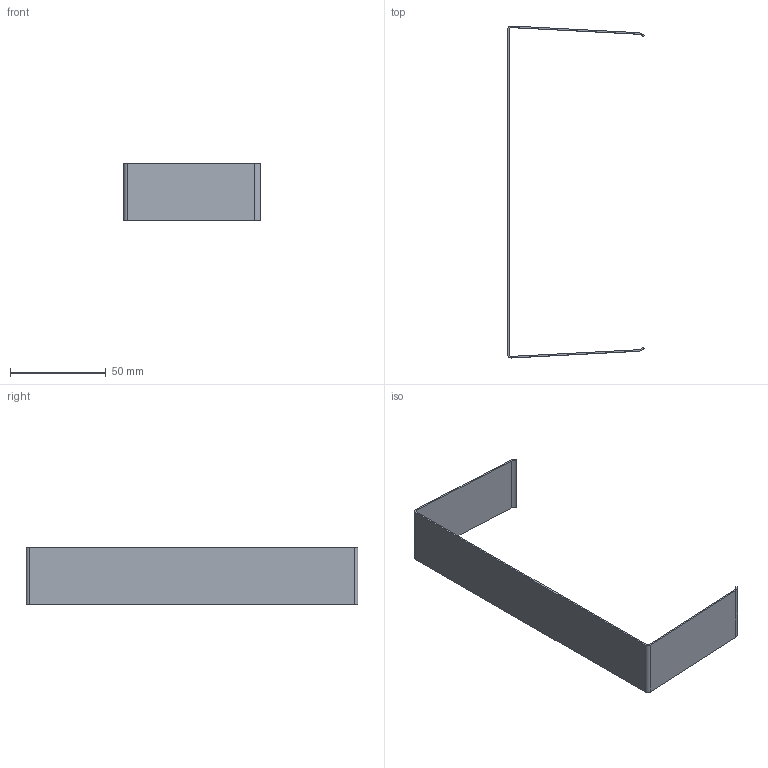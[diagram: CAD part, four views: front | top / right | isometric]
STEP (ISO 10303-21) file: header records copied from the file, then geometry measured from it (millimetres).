
FILE_DESCRIPTION (( 'STEP AP214' ), '1' );
FILE_NAME ('6279768.stp', '2016-05-30T07:22:46', ( '' ), ( '' ), 'SwSTEP 2.0', 'SolidWorks 2014', '' );
FILE_SCHEMA (( 'AUTOMOTIVE_DESIGN' ));
Length unit declared in the file: millimetre
Products named in the file (2): 6279768; 014761T1_G-SVS70170
Assembly tree (1 placements, depth 2):
  6279768
    014761T1_G-SVS70170
Bounding box: 71.22 x 173.1 x 30 mm (x, y, z)
Volume: 7517.7 mm3; surface area: 19343.4 mm2
Topology: 1 solids, 1 shells, 30 faces, 60 edges, 32 vertices
Faces by surface type: plane 22, cylinder 8
Entity records: 814 total; most frequent: DIRECTION 144, CARTESIAN_POINT 126, ORIENTED_EDGE 120, EDGE_CURVE 60, AXIS2_PLACEMENT_3D 50, LINE 44, VECTOR 44, VERTEX_POINT 32
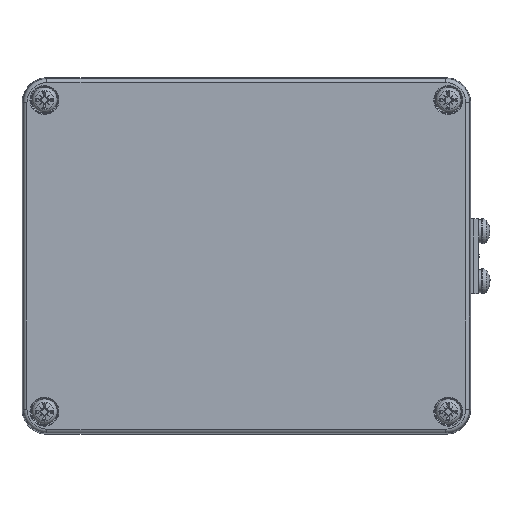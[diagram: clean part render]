
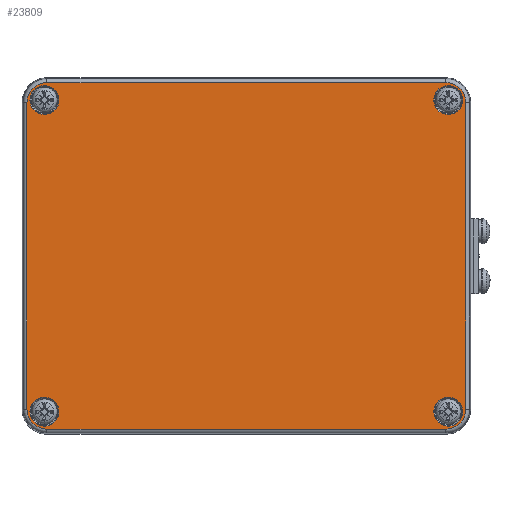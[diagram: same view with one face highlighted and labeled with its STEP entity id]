
A CAD part, top view. The second image highlights one B-rep face of the part: STEP entity #23809.
In plain terms, the highlighted face is planar.
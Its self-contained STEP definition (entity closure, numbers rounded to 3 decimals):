
#622=FACE_BOUND('',#4945,.T.);
#623=FACE_BOUND('',#4946,.T.);
#624=FACE_BOUND('',#4947,.T.);
#625=FACE_BOUND('',#4948,.T.);
#2183=PLANE('',#25417);
#3308=FACE_OUTER_BOUND('',#4944,.T.);
#4944=EDGE_LOOP('',(#20445,#20446,#20447,#20448,#20449,#20450,#20451,#20452));
#4945=EDGE_LOOP('',(#20453));
#4946=EDGE_LOOP('',(#20454));
#4947=EDGE_LOOP('',(#20455));
#4948=EDGE_LOOP('',(#20456));
#6895=LINE('',#41903,#8727);
#6897=LINE('',#41915,#8729);
#6899=LINE('',#41927,#8731);
#6901=LINE('',#41936,#8733);
#8727=VECTOR('',#29879,123.);
#8729=VECTOR('',#29893,160.);
#8731=VECTOR('',#29907,123.);
#8733=VECTOR('',#29919,160.);
#9589=CIRCLE('',#25389,8.002);
#9595=CIRCLE('',#25397,8.002);
#9599=CIRCLE('',#25403,8.002);
#9603=CIRCLE('',#25409,8.002);
#9606=CIRCLE('',#25418,5.8);
#9607=CIRCLE('',#25419,5.8);
#9608=CIRCLE('',#25420,5.8);
#9609=CIRCLE('',#25421,5.8);
#11580=VERTEX_POINT('',#41891);
#11581=VERTEX_POINT('',#41893);
#11583=VERTEX_POINT('',#41899);
#11585=VERTEX_POINT('',#41905);
#11587=VERTEX_POINT('',#41911);
#11589=VERTEX_POINT('',#41917);
#11591=VERTEX_POINT('',#41923);
#11593=VERTEX_POINT('',#41929);
#11600=VERTEX_POINT('',#41956);
#11601=VERTEX_POINT('',#41958);
#11602=VERTEX_POINT('',#41960);
#11603=VERTEX_POINT('',#41962);
#14615=EDGE_CURVE('',#11580,#11581,#9589,.T.);
#14620=EDGE_CURVE('',#11581,#11583,#6895,.T.);
#14623=EDGE_CURVE('',#11583,#11585,#9595,.T.);
#14626=EDGE_CURVE('',#11585,#11587,#6897,.T.);
#14629=EDGE_CURVE('',#11587,#11589,#9599,.T.);
#14632=EDGE_CURVE('',#11589,#11591,#6899,.T.);
#14635=EDGE_CURVE('',#11591,#11593,#9603,.T.);
#14637=EDGE_CURVE('',#11593,#11580,#6901,.T.);
#14647=EDGE_CURVE('',#11600,#11600,#9606,.T.);
#14648=EDGE_CURVE('',#11601,#11601,#9607,.T.);
#14649=EDGE_CURVE('',#11602,#11602,#9608,.T.);
#14650=EDGE_CURVE('',#11603,#11603,#9609,.T.);
#20445=ORIENTED_EDGE('',*,*,#14615,.F.);
#20446=ORIENTED_EDGE('',*,*,#14637,.F.);
#20447=ORIENTED_EDGE('',*,*,#14635,.F.);
#20448=ORIENTED_EDGE('',*,*,#14632,.F.);
#20449=ORIENTED_EDGE('',*,*,#14629,.F.);
#20450=ORIENTED_EDGE('',*,*,#14626,.F.);
#20451=ORIENTED_EDGE('',*,*,#14623,.F.);
#20452=ORIENTED_EDGE('',*,*,#14620,.F.);
#20453=ORIENTED_EDGE('',*,*,#14647,.F.);
#20454=ORIENTED_EDGE('',*,*,#14648,.F.);
#20455=ORIENTED_EDGE('',*,*,#14649,.F.);
#20456=ORIENTED_EDGE('',*,*,#14650,.F.);
#23809=ADVANCED_FACE('',(#3308,#622,#623,#624,#625),#2183,.F.);
#25389=AXIS2_PLACEMENT_3D('',#41894,#29868,#29869);
#25397=AXIS2_PLACEMENT_3D('',#41909,#29886,#29887);
#25403=AXIS2_PLACEMENT_3D('',#41921,#29900,#29901);
#25409=AXIS2_PLACEMENT_3D('',#41933,#29914,#29915);
#25417=AXIS2_PLACEMENT_3D('',#41955,#29939,#29940);
#25418=AXIS2_PLACEMENT_3D('',#41957,#29941,#29942);
#25419=AXIS2_PLACEMENT_3D('',#41959,#29943,#29944);
#25420=AXIS2_PLACEMENT_3D('',#41961,#29945,#29946);
#25421=AXIS2_PLACEMENT_3D('',#41963,#29947,#29948);
#29868=DIRECTION('center_axis',(0.,0.,1.));
#29869=DIRECTION('ref_axis',(-0.707,0.707,0.));
#29879=DIRECTION('',(0.,-1.,0.));
#29886=DIRECTION('center_axis',(0.,0.,1.));
#29887=DIRECTION('ref_axis',(-0.707,-0.707,0.));
#29893=DIRECTION('',(1.,0.,0.));
#29900=DIRECTION('center_axis',(0.,0.,1.));
#29901=DIRECTION('ref_axis',(0.707,-0.707,0.));
#29907=DIRECTION('',(0.,1.,0.));
#29914=DIRECTION('center_axis',(0.,0.,1.));
#29915=DIRECTION('ref_axis',(0.707,0.707,0.));
#29919=DIRECTION('',(-1.,0.,0.));
#29939=DIRECTION('center_axis',(0.,0.,1.));
#29940=DIRECTION('ref_axis',(1.,0.,0.));
#29941=DIRECTION('center_axis',(0.,0.,-1.));
#29942=DIRECTION('ref_axis',(1.,0.,0.));
#29943=DIRECTION('center_axis',(0.,0.,-1.));
#29944=DIRECTION('ref_axis',(1.,0.,0.));
#29945=DIRECTION('center_axis',(0.,0.,-1.));
#29946=DIRECTION('ref_axis',(1.,0.,0.));
#29947=DIRECTION('center_axis',(0.,0.,-1.));
#29948=DIRECTION('ref_axis',(1.,0.,0.));
#41891=CARTESIAN_POINT('',(-80.,69.502,-30.));
#41893=CARTESIAN_POINT('',(-88.002,61.5,-30.));
#41894=CARTESIAN_POINT('Origin',(-80.,61.5,-30.));
#41899=CARTESIAN_POINT('',(-88.002,-61.5,-30.));
#41903=CARTESIAN_POINT('',(-88.002,30.75,-30.));
#41905=CARTESIAN_POINT('',(-80.,-69.502,-30.));
#41909=CARTESIAN_POINT('Origin',(-80.,-61.5,-30.));
#41911=CARTESIAN_POINT('',(80.,-69.502,-30.));
#41915=CARTESIAN_POINT('',(-40.,-69.502,-30.));
#41917=CARTESIAN_POINT('',(88.002,-61.5,-30.));
#41921=CARTESIAN_POINT('Origin',(80.,-61.5,-30.));
#41923=CARTESIAN_POINT('',(88.002,61.5,-30.));
#41927=CARTESIAN_POINT('',(88.002,-30.75,-30.));
#41929=CARTESIAN_POINT('',(80.,69.502,-30.));
#41933=CARTESIAN_POINT('Origin',(80.,61.5,-30.));
#41936=CARTESIAN_POINT('',(40.,69.502,-30.));
#41955=CARTESIAN_POINT('Origin',(0.,0.,
-30.));
#41956=CARTESIAN_POINT('',(-86.8,62.5,-30.));
#41957=CARTESIAN_POINT('Origin',(-81.,62.5,-30.));
#41958=CARTESIAN_POINT('',(75.2,-62.5,-30.));
#41959=CARTESIAN_POINT('Origin',(81.,-62.5,-30.));
#41960=CARTESIAN_POINT('',(75.2,62.5,-30.));
#41961=CARTESIAN_POINT('Origin',(81.,62.5,-30.));
#41962=CARTESIAN_POINT('',(-86.8,-62.5,-30.));
#41963=CARTESIAN_POINT('Origin',(-81.,-62.5,-30.));
○ ○ ○ ○ ○
* **Exercise requirements**: Say how many lines in the listing above include the word "surface". Nothing but the number is needed.

* **Answer below**: 2